Boimy się tylko, aby psy szczekaniem nie narobiły hałasu, gdyż zbudzić teraz Tomasza, znaczyłoby go zabić. Toteż nieustannie ktoś z nas czuwa przy psach; jeśliby się który odezwał, wyrzucimy go natychmiast z wozu. Ale na szczęście psy zachowują się spokojnie. Selena, ulubiona jego suka, usiadła nieruchomo przy hamaku jakby na straży i nie spuszcza oka ze swego chorego pana. Jestem przekonany, że to rozumne zwierzę zdaje sobie doskonale sprawę ze stanu, w jakim się pan znajduje. W oczach jej widno tyle żałości i niepokoju… Gdy się kto z nas zbliża do chorego, ona warczy z cicha, jakby ostrzegając, że czuwa i nie da mu krzywdy zrobić, a potem wywija ogonem, aby dać poznać, że wierzy w nasze przyjazne zamiary i cieszy się naszą troskliwością.
Z drugiej strony hamaku siedzi Marta. Od stu godzin prawie się nie odzywa. Otwiera usta tylko wtedy, gdy się musi z nami porozumieć co do czuwania nad chorym. Nie umiem sobie wyobrazić większej boleści. Nie płacze, nie narzeka, owszem, jest spokojna, ale w tym spokoju, w tych zaciśniętych ustach i suchych, szeroko rozwartych oczach jest coś strasznego, co łamie po prostu serce patrzącym na to. Mamy jakąś cześć dla niej i dla jej bólu. Pragnęlibyśmy ją pocieszyć, dodać jej otuchy i nadziei, a doprawdy, że nie śmiemy się do niej zbliżyć ani odezwać. Ona też patrzy na nas dziwnie obojętnie; znać, że obchodzimy ją tylko o tyle, o ile pomagamy jej ratować Tomasza. Poza tym nie istniejemy dla niej zgoła.
Najwyższy szczyt Pico rozbłysnął już w słońcu; za trzy lub cztery godziny i tutaj w dole dzień nastanie. Przez całą noc widzieliśmy przed sobą w świetle Ziemi srebrną ścianę potężnej góry; teraz ściana ta zszarzała i pociemniała przez kontrast z roziskrzonym w słońcu szczytem.
Podobnie jak Trzy Głowy, Pico nie jest kraterem, lecz raczej olbrzymim złomem zniszczonego pierścienia górskiego. Stoimy pod jego najwyższym szczytem, sterczącym od północnego zachodu. Urywa się on tutaj prawie prostopadle ku dolinie. Można dostać zawrotu na widok tej straszliwej wysokości, tym wydatniejszej, że wokoło rozciąga się gładka równina. Szczyt wznosi się nad nią półtrzecia tysiąca metrów w górę.

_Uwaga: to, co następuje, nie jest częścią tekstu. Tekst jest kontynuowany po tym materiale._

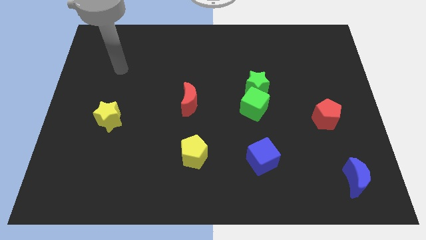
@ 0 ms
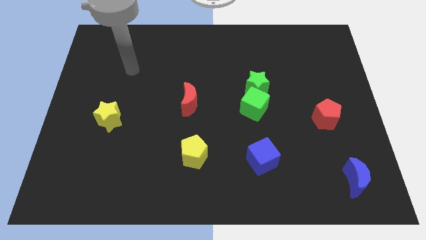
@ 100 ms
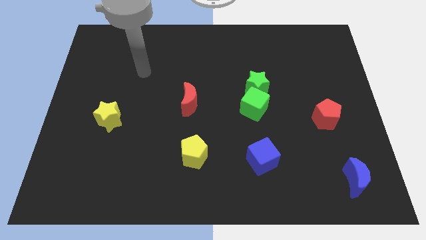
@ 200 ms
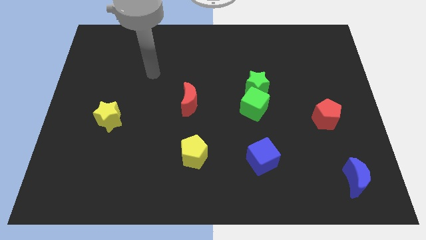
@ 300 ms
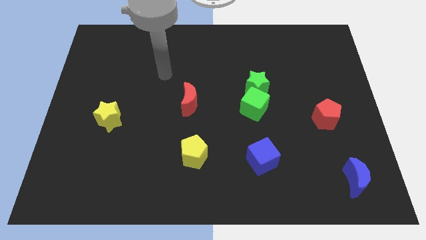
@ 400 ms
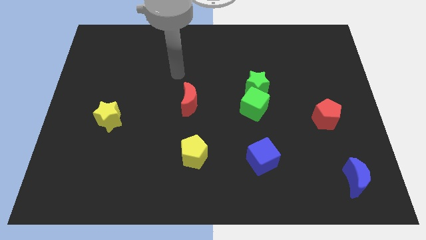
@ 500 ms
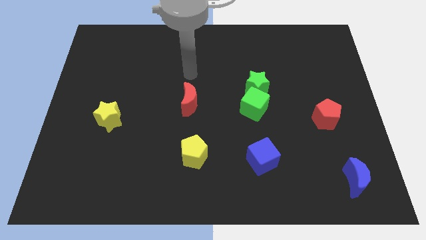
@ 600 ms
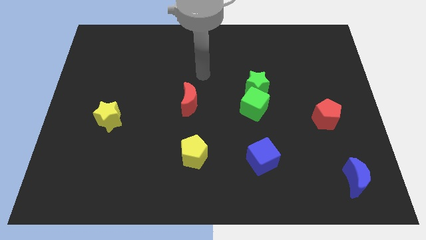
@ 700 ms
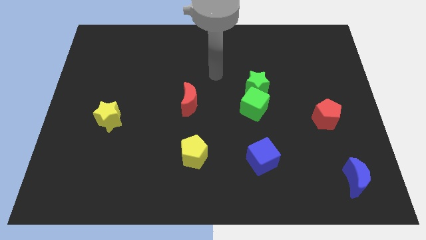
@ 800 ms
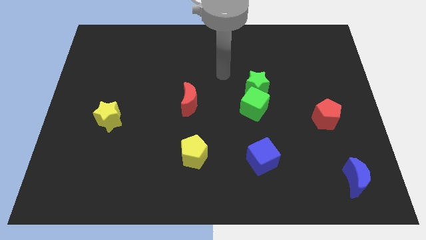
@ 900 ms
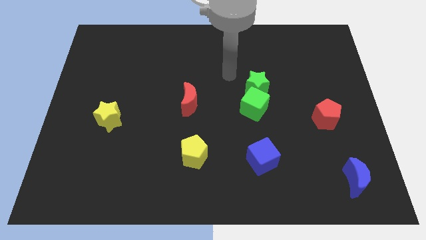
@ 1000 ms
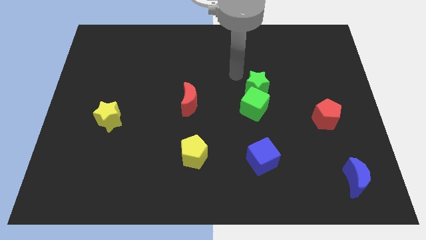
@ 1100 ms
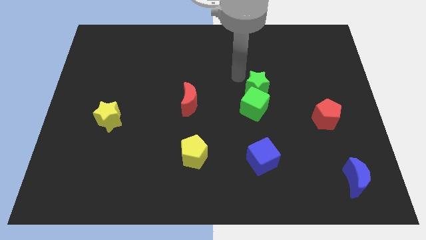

Trudno zgadnąć, co mogło spowodować rozsypanie się owego pierścienia górskiego, z którego ten cypel tylko pozostał. Może skała, utworzona z miękkiego materiału, skruszała pod wpływem zmian temperatury, a może rozmyła ją woda?
Już po raz drugi robimy w tej podróży to przypuszczenie. Tutaj przemawia za tym i ta okoliczność, że nie widać nigdzie wału złomów skalnych, który by musiał powstać, gdyby tę górę były rozgryzły mrozy i słońce. Tam, gdzie niegdyś snadź się wznosił grzbiet pierścienia, znajduje się zaledwie gładkie, niewysokie wzniesienie, majaczące przed nami niewyraźnie w blasku Ziemi. Piotr mimo straszliwego zimna wypadł na chwilę z wozu, aby zbadać grunt. Nie mógł się dłużej zatrzymać, ale przyniósł kawałek kamienia, który jest ogromnie podobny do skał osadzających się z wody…
Gdy słońce wzejdzie i oświeci tę okolicę, może dowiemy się czegoś pewniejszego.